==== SOURCE INFORMATION

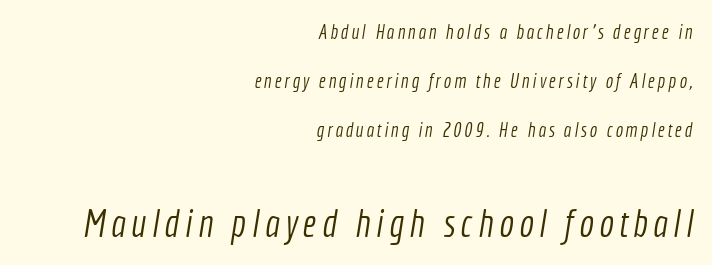
{"serif": "no", "bold": "no", "weight": "light", "width": "condensed", "x_height": "medium", "monospaced": "no", "underline": "no", "align": "right", "line_spacing": "loose", "line_spacing_ratio": 2.46, "larger_block": "second", "size_ratio": 1.95, "glyph_px": 39}
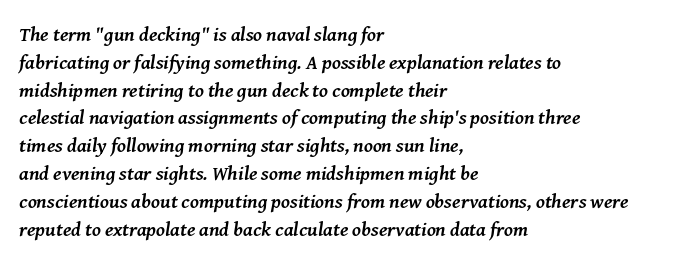
Compared with typical paragraphs, the rows here are spaced about the same. Is the block centered? No — it sits flush against the left margin. Unmarked baselines from the first word to the last. Slant detected: the letters are inclined.
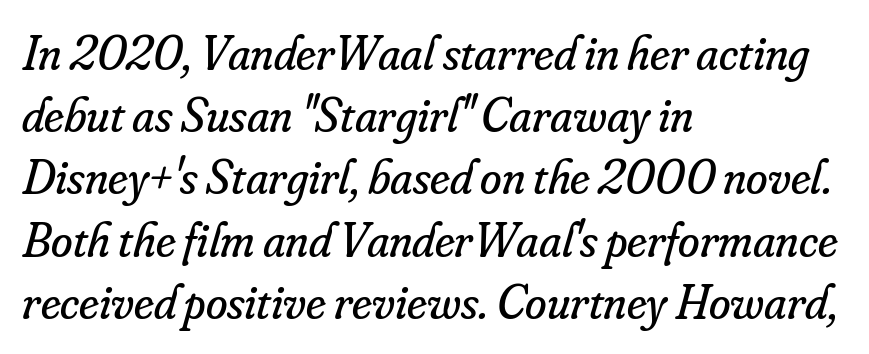
Q: Is the text bold? A: No.
Q: Is the text italic (slanted)? A: Yes, it leans right by about 16 degrees.
Q: Is the typeface a serif or a sans-serif typeface? A: Serif.
Q: Is the text underlined? A: No.
Q: How is the paragraph aligned? A: Left-aligned.
Q: Is the spacing between letters normal or unusually wide? A: Normal.
Q: Is the spacing between lines tight, normal or loose? A: Normal.
Q: Width (condensed, normal, or wide)? A: Normal.
Q: Stroke contrast? A: Low.
Q: x-height? A: Small.
Q: Monospaced? A: No.
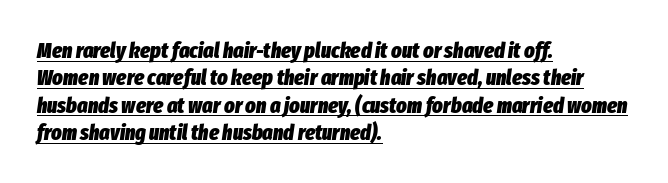
Leftover space on each line is placed entirely after the last word. Tracking value appears to be zero — textbook default spacing. Slant detected: the letters are inclined. The sample's only ornament is a line tracing under the words. The passage shown is emphatically bold.
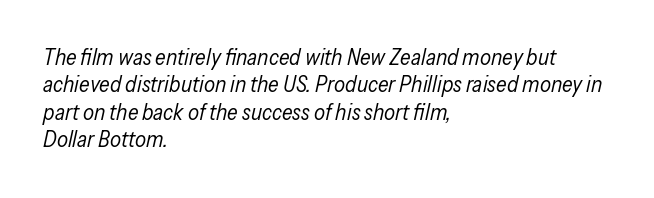
{"italic": "yes", "lean": "right", "slant_degrees": 13, "bold": "no", "underline": "no", "align": "left", "line_spacing": "normal", "line_spacing_ratio": 1.25, "letter_spacing": "normal", "letter_spacing_em": 0.0, "glyph_px": 22}
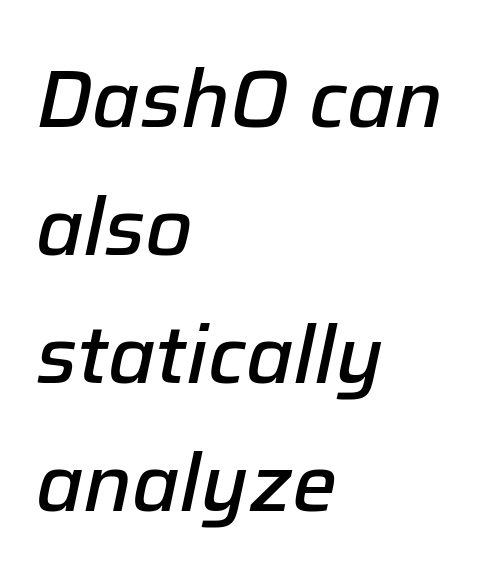
Q: Is the text bold? A: Semi-bold.
Q: Is the text italic (slanted)? A: Yes, it leans right by about 12 degrees.
Q: Is the text underlined? A: No.
Q: How is the paragraph aligned? A: Left-aligned.
Q: Is the spacing between letters normal or unusually wide? A: Normal.
Q: Is the spacing between lines tight, normal or loose? A: Normal.
Q: Width (condensed, normal, or wide)? A: Normal.
Q: Stroke contrast? A: Low.
Q: x-height? A: Medium.
Q: Monospaced? A: No.
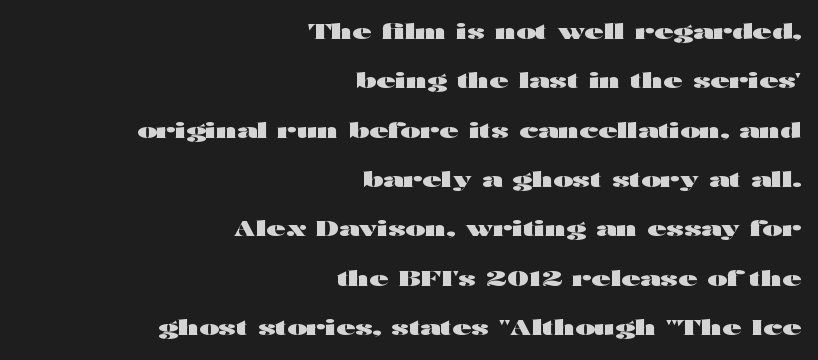
Q: Is the text bold? A: Yes.
Q: Is the text italic (slanted)? A: No, it is upright.
Q: Is the text underlined? A: No.
Q: How is the paragraph aligned? A: Right-aligned.
Q: Is the spacing between letters normal or unusually wide? A: Normal.
Q: Is the spacing between lines tight, normal or loose? A: Loose.
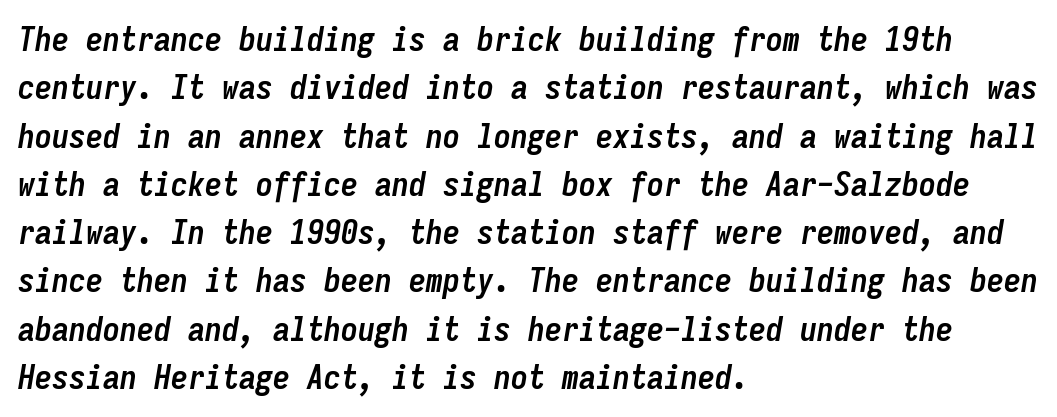
{"italic": "yes", "lean": "right", "slant_degrees": 9, "bold": "yes", "weight": "semibold", "width": "condensed", "stroke_contrast": "low", "x_height": "medium", "monospaced": "yes", "underline": "no", "align": "left", "line_spacing": "normal", "line_spacing_ratio": 1.42, "letter_spacing": "normal", "letter_spacing_em": 0.0, "glyph_px": 34}
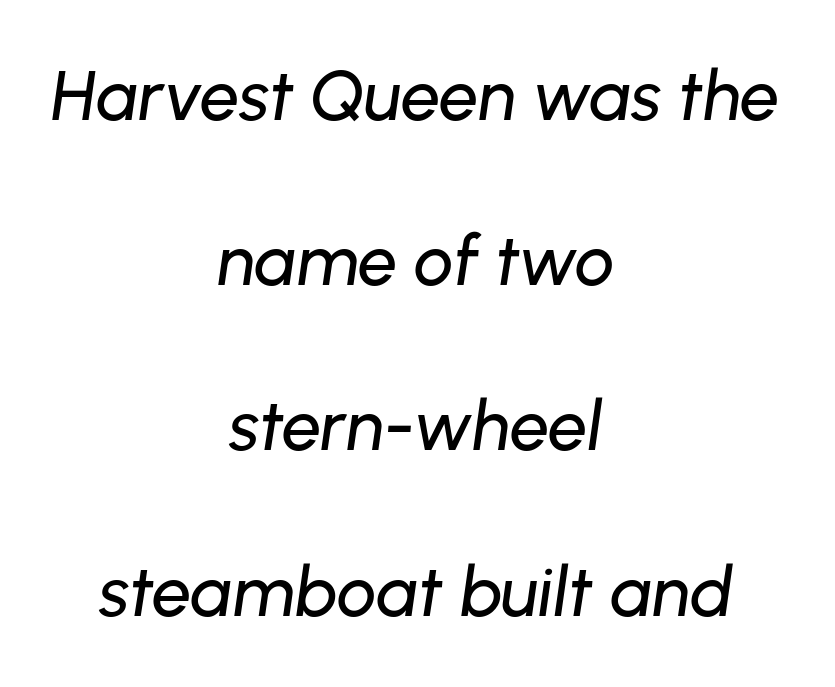
{"italic": "yes", "lean": "right", "slant_degrees": 8, "width": "normal", "stroke_contrast": "low", "x_height": "medium", "monospaced": "no", "underline": "no", "align": "center", "line_spacing": "loose", "line_spacing_ratio": 2.36, "letter_spacing": "normal", "letter_spacing_em": 0.0, "glyph_px": 70}
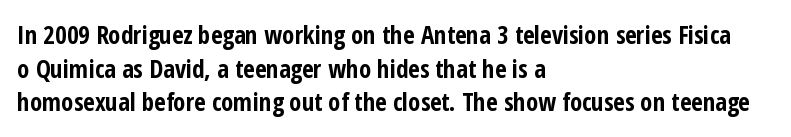
The image shows 25 px bold type, upright; set left-aligned, normal line spacing (1.35x), normal letter spacing, not underlined.
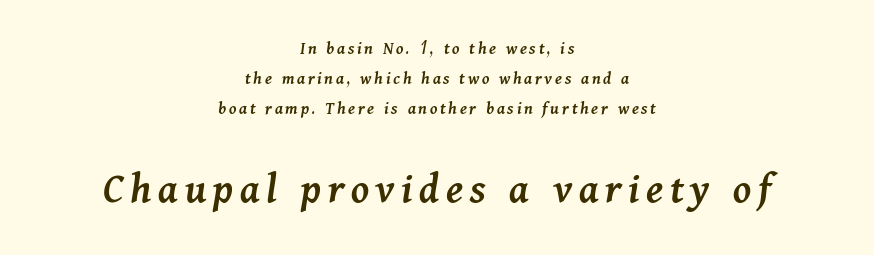
{"italic": "yes", "lean": "right", "slant_degrees": 11, "bold": "semi", "weight": "semibold", "width": "normal", "stroke_contrast": "medium", "x_height": "medium", "monospaced": "no", "underline": "no", "align": "center", "line_spacing": "normal", "line_spacing_ratio": 1.68, "larger_block": "second", "size_ratio": 2.44, "glyph_px": 44}
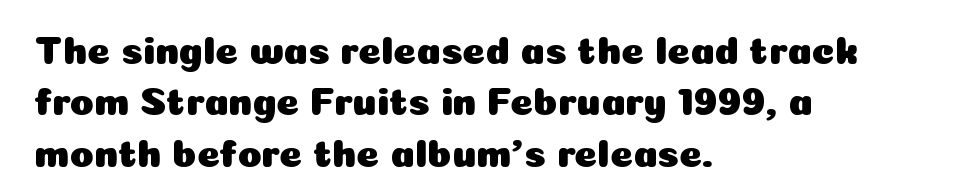
Classification — sans serif. Tracking here is standard; glyphs follow each other at the usual distance. The ragged edge is on the right, which tells us the setting is flush left. Check the space under the baseline: it is left empty.
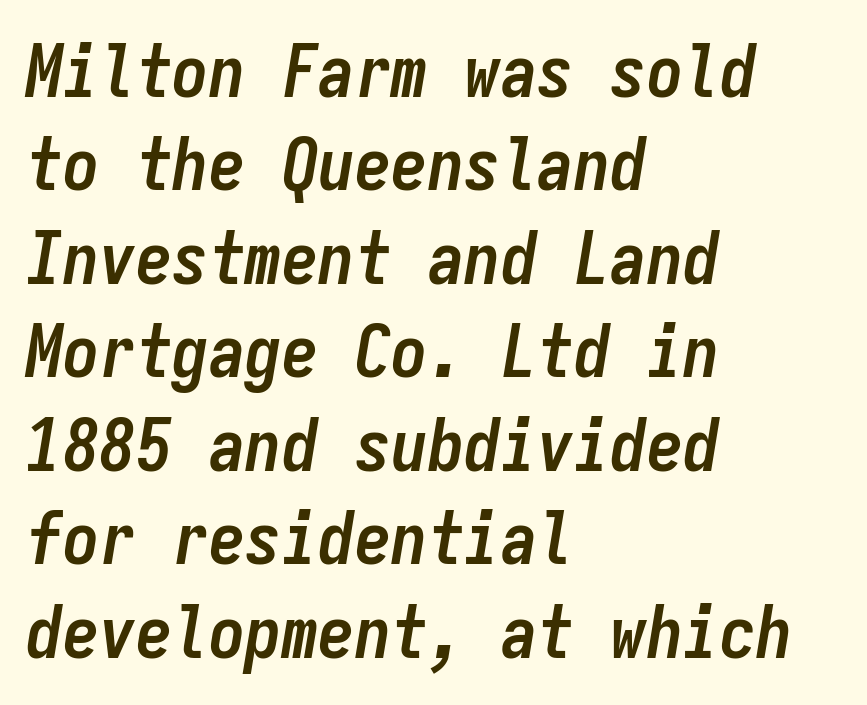
The image shows 73 px semibold, condensed type, italic (leaning right), monospaced; set left-aligned, normal line spacing (1.28x), normal letter spacing, not underlined; low stroke contrast and a medium x-height.
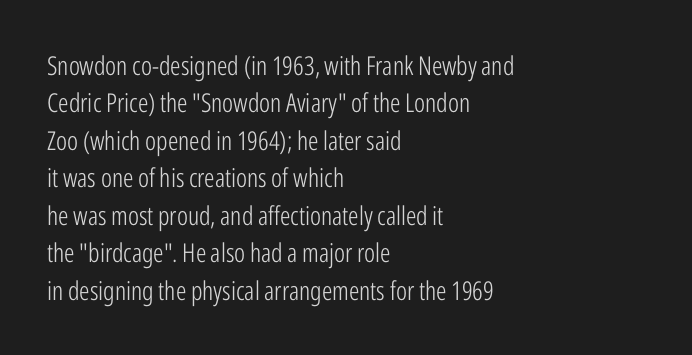
Is the letter spacing exaggerated? No — it looks like the ordinary default. This block has exactly the height ordinary leading produces. This is the regular roman posture of the typeface. Weight: not bold — regular or lighter.
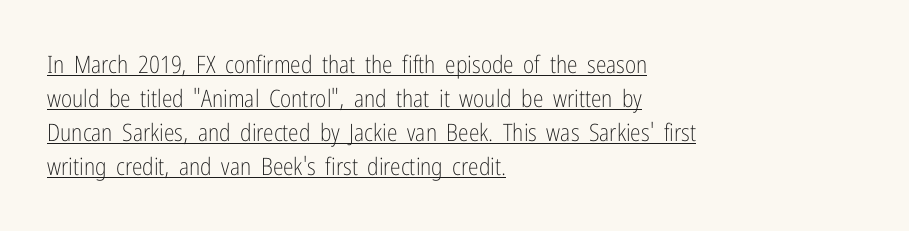
The image shows 24 px text type, upright; set left-aligned, normal line spacing (1.42x), normal letter spacing, underlined.
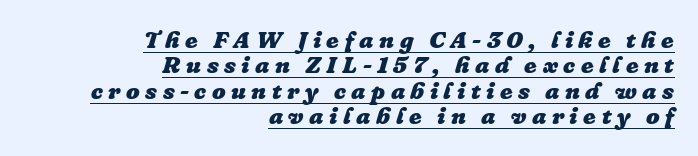
Q: Is the text bold? A: Yes.
Q: Is the text italic (slanted)? A: Yes, it leans right by about 16 degrees.
Q: Is the text underlined? A: Yes.
Q: How is the paragraph aligned? A: Right-aligned.
Q: Is the spacing between letters normal or unusually wide? A: Unusually wide.
Q: Is the spacing between lines tight, normal or loose? A: Tight.
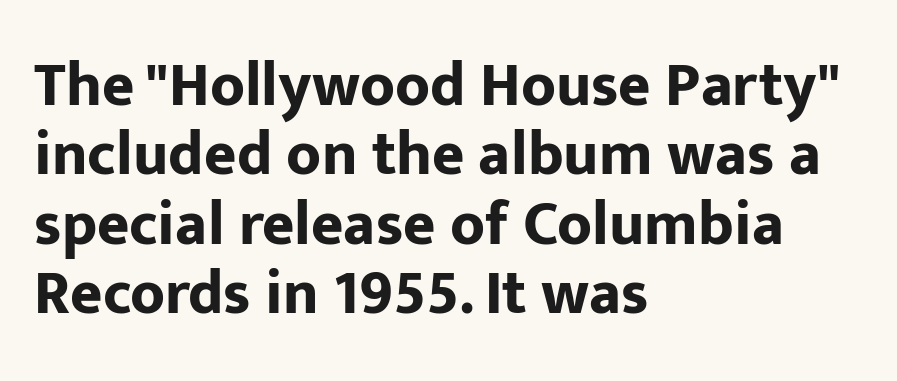
The image shows 62 px bold sans-serif type, upright; set left-aligned, tight line spacing (1.12x), normal letter spacing, not underlined; low stroke contrast and a medium x-height.
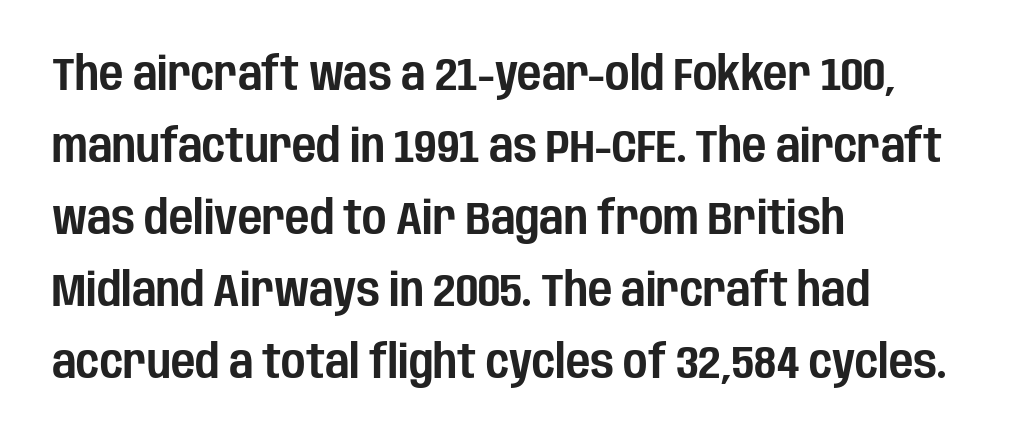
The image shows 47 px condensed sans-serif type, upright; set left-aligned, normal line spacing (1.53x), normal letter spacing, not underlined; low stroke contrast and a large x-height.
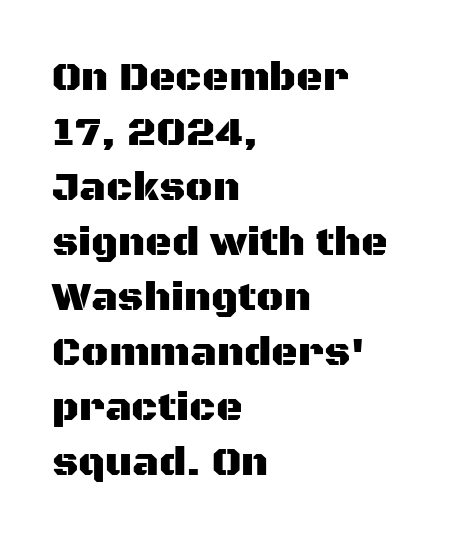
{"serif": "no", "italic": "no", "width": "normal", "stroke_contrast": "medium", "x_height": "large", "monospaced": "no", "underline": "no", "align": "left", "line_spacing": "normal", "line_spacing_ratio": 1.34, "letter_spacing": "normal", "letter_spacing_em": 0.0, "glyph_px": 41}
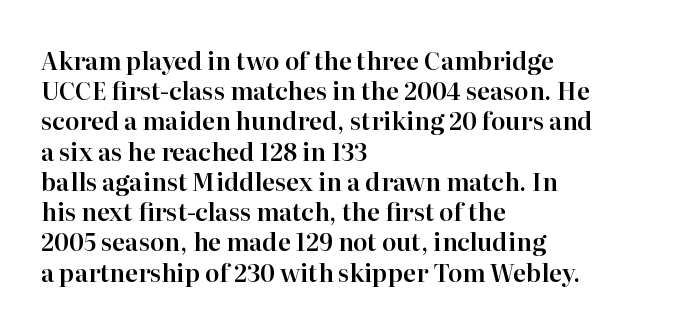
The image shows 24 px text type, upright; set left-aligned, normal line spacing (1.26x), normal letter spacing, not underlined.
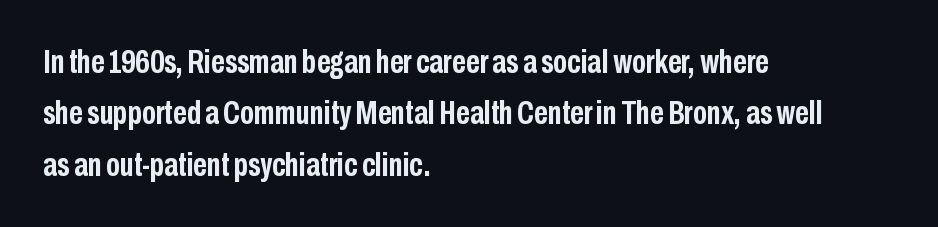
{"serif": "no", "italic": "no", "bold": "yes", "weight": "semibold", "width": "condensed", "stroke_contrast": "low", "x_height": "medium", "monospaced": "no", "underline": "no", "align": "left", "line_spacing": "normal", "line_spacing_ratio": 1.51, "letter_spacing": "normal", "letter_spacing_em": 0.0, "glyph_px": 34}
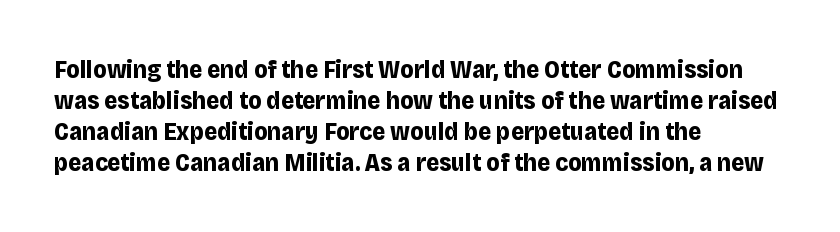
{"italic": "no", "bold": "yes", "underline": "no", "align": "left", "line_spacing_ratio": 1.24, "letter_spacing": "normal", "letter_spacing_em": 0.0, "glyph_px": 25}
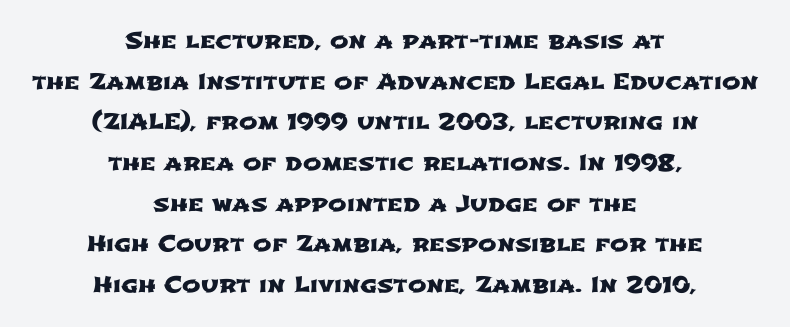
The image shows 22 px text type; set centered, line spacing 1.85x, normal letter spacing, not underlined.
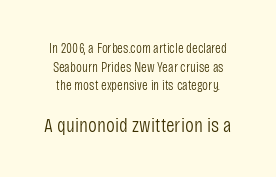
Q: Is the text bold? A: No.
Q: Is the text italic (slanted)? A: No, it is upright.
Q: Is the text underlined? A: No.
Q: Is the spacing between letters normal or unusually wide? A: Normal.
Q: Is the spacing between lines tight, normal or loose? A: Normal.
Q: Which block of text is set in a larger size, the first (top) or the second (bottom)? A: The second (bottom) one.

========

▶ **AIM OF THE TASK**:
Which lines of the data contain the string "centered"? Copy each of them.

▶ **RESPONSE AREA**:
Compared with typical paragraphs, the rows here are spaced about the same. Is the block centered? No — it sits flush against the left margin. Unmarked baselines from the first word to the last. Slant detected: the letters are inclined.
The image shows 22 px text type; set centered, line spacing 1.85x, normal letter spacing, not underlined.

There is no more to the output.